Task to complete
With the pictures set aside, reproduce each entry precisely as it reads.
Start of The records
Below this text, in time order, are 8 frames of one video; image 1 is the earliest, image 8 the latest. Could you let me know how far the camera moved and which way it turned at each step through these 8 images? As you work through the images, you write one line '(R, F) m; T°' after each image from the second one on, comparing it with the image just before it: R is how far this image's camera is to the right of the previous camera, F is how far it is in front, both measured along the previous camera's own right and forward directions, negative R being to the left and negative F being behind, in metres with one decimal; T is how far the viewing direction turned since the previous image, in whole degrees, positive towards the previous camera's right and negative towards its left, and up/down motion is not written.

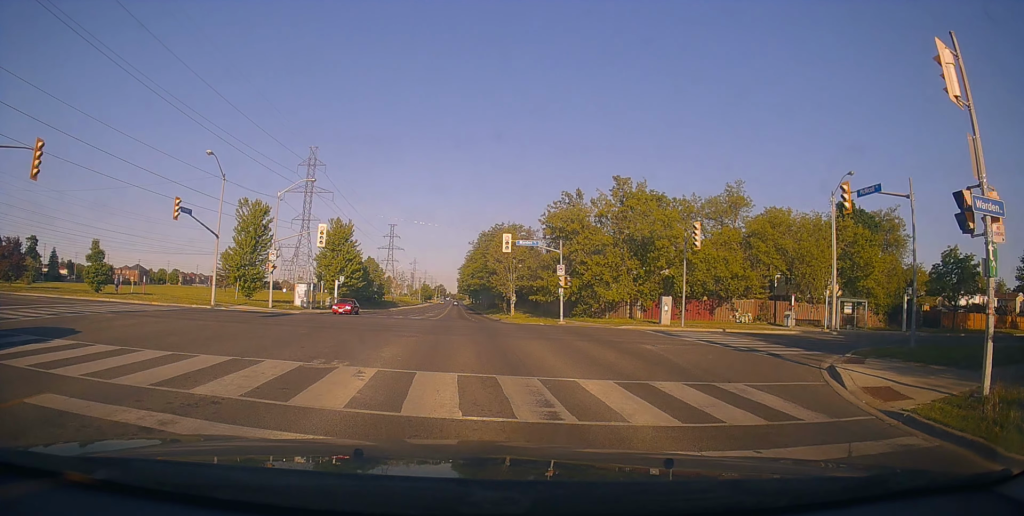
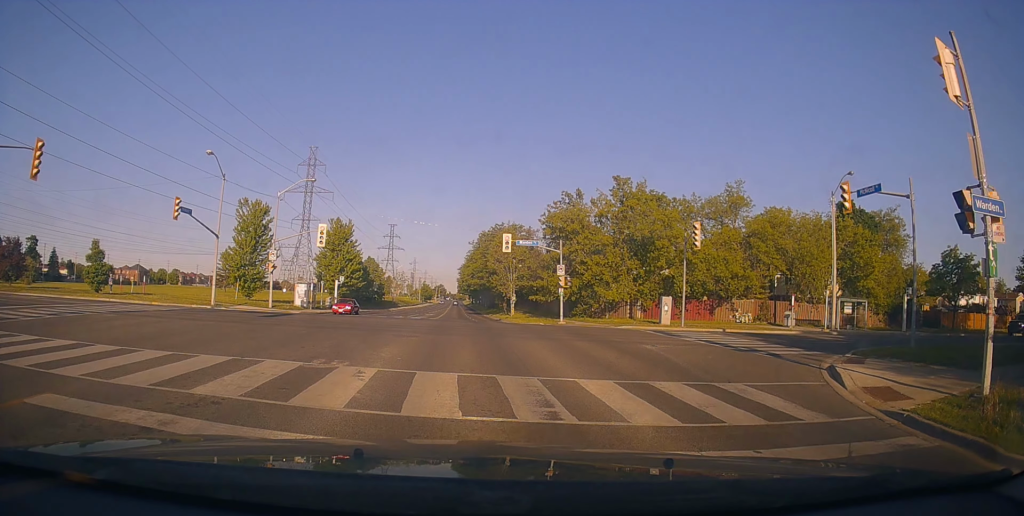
(0.0, 0.0) m; 0°
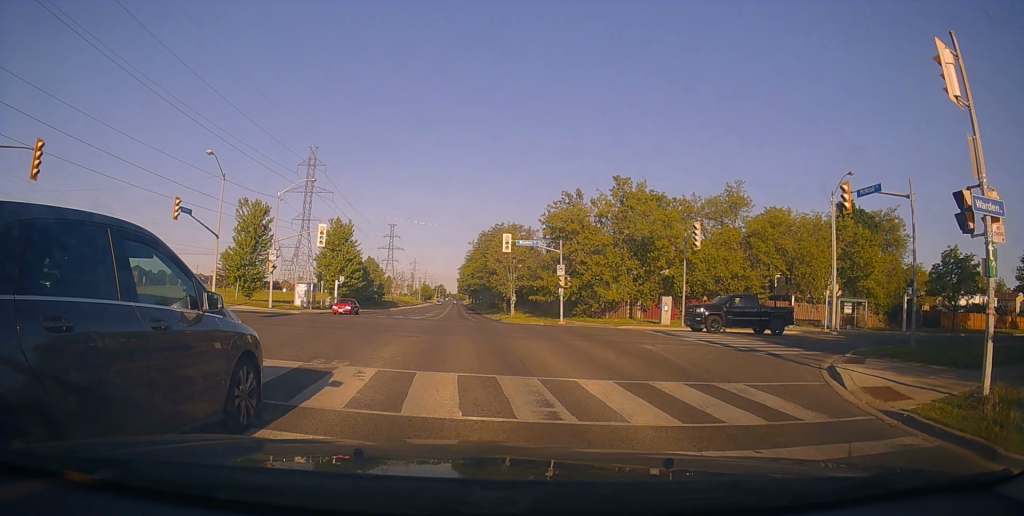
(0.0, 0.0) m; 0°
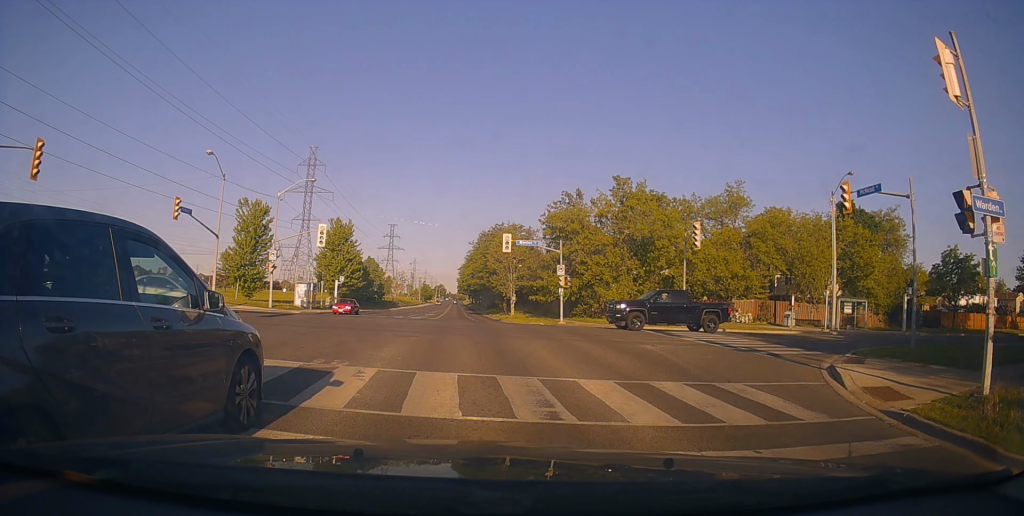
(0.0, 0.0) m; 0°
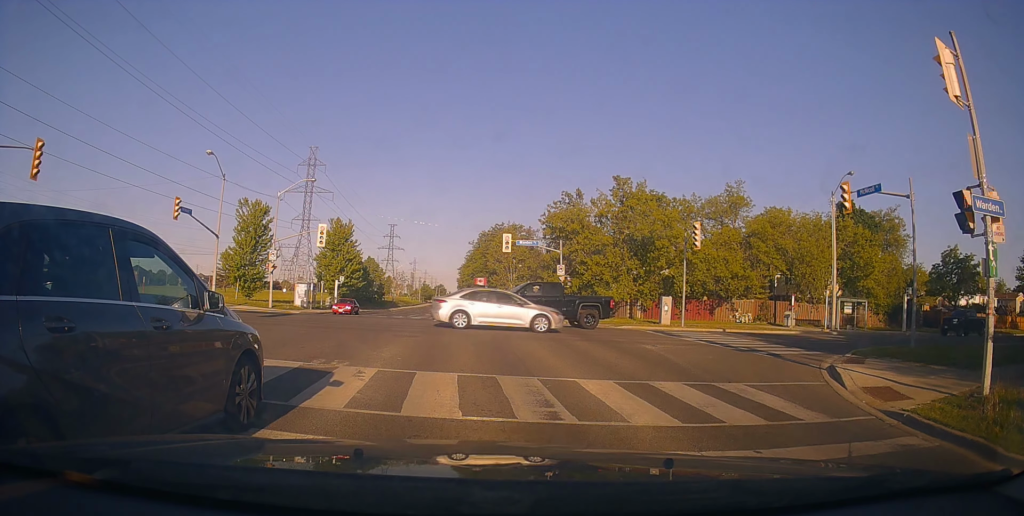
(0.0, 0.0) m; 0°
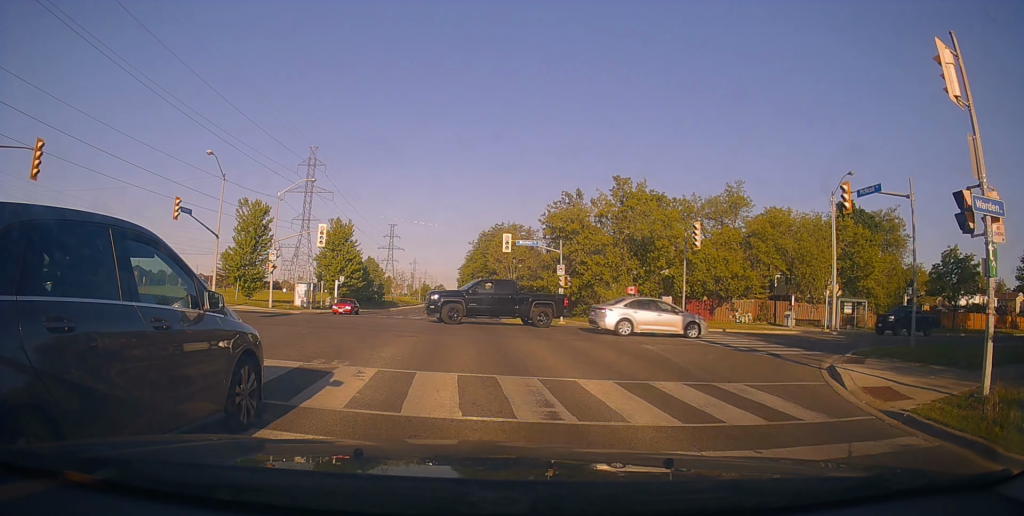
(0.0, 0.0) m; 0°
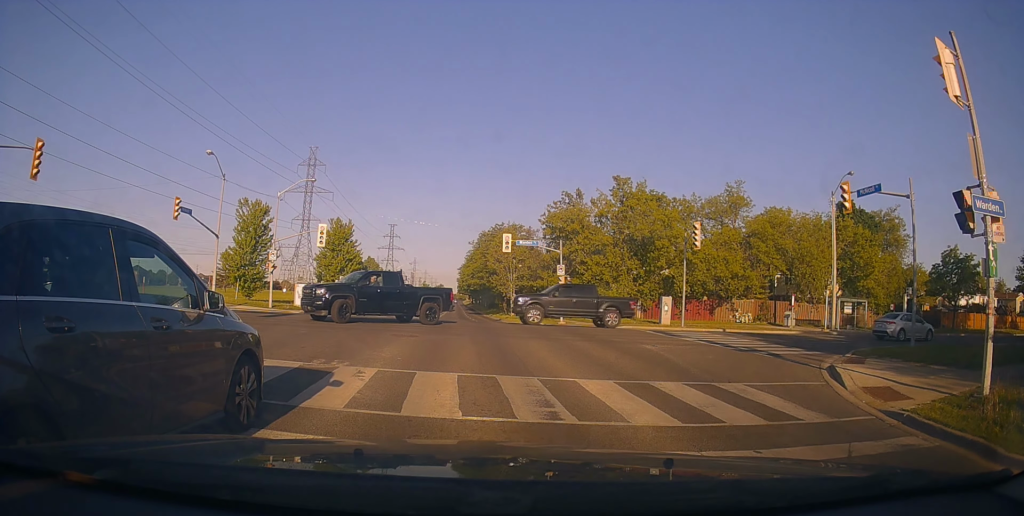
(0.0, 0.0) m; 0°
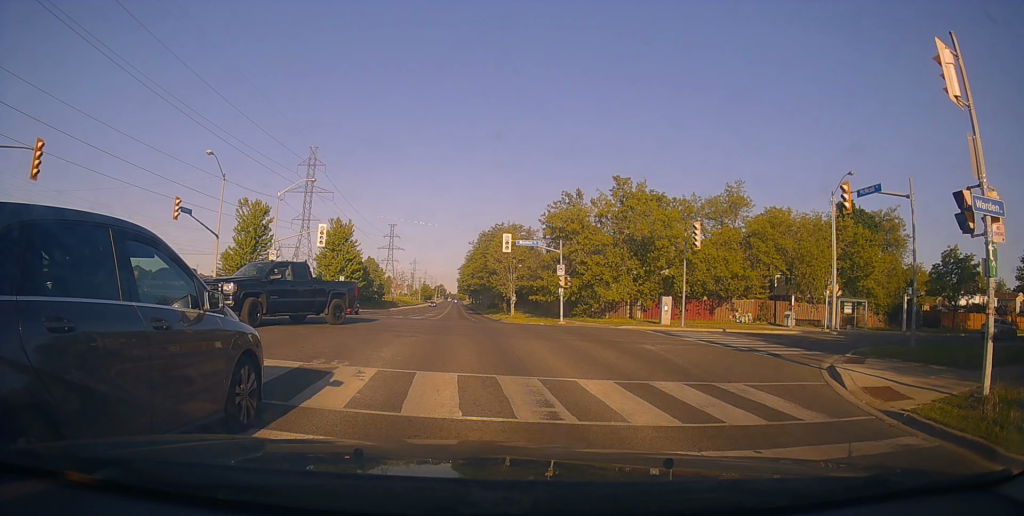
(0.0, 0.0) m; 0°
End of The records
Reply
Below this text, in time order, are 8 frames of one video; image 1 is the earliest, image 8 the latest. Could you let me know how far the camera moved and which way it turned at each step through these 8 images? As you work through the images, you write one line '(R, F) m; T°' after each image from the second one on, comparing it with the image just before it: R is how far this image's camera is to the right of the previous camera, F is how far it is in front, both measured along the previous camera's own right and forward directions, negative R being to the left and negative F being behind, in metres with one decimal; T is how far the viewing direction turned since the previous image, in whole degrees, positive towards the previous camera's right and negative towards its left, and up/down motion is not written.

(0.0, 0.0) m; 0°
(0.0, 0.0) m; 0°
(0.0, 0.0) m; 0°
(0.0, 0.0) m; 0°
(0.0, 0.0) m; 0°
(0.0, 0.0) m; 0°
(0.0, 0.0) m; 0°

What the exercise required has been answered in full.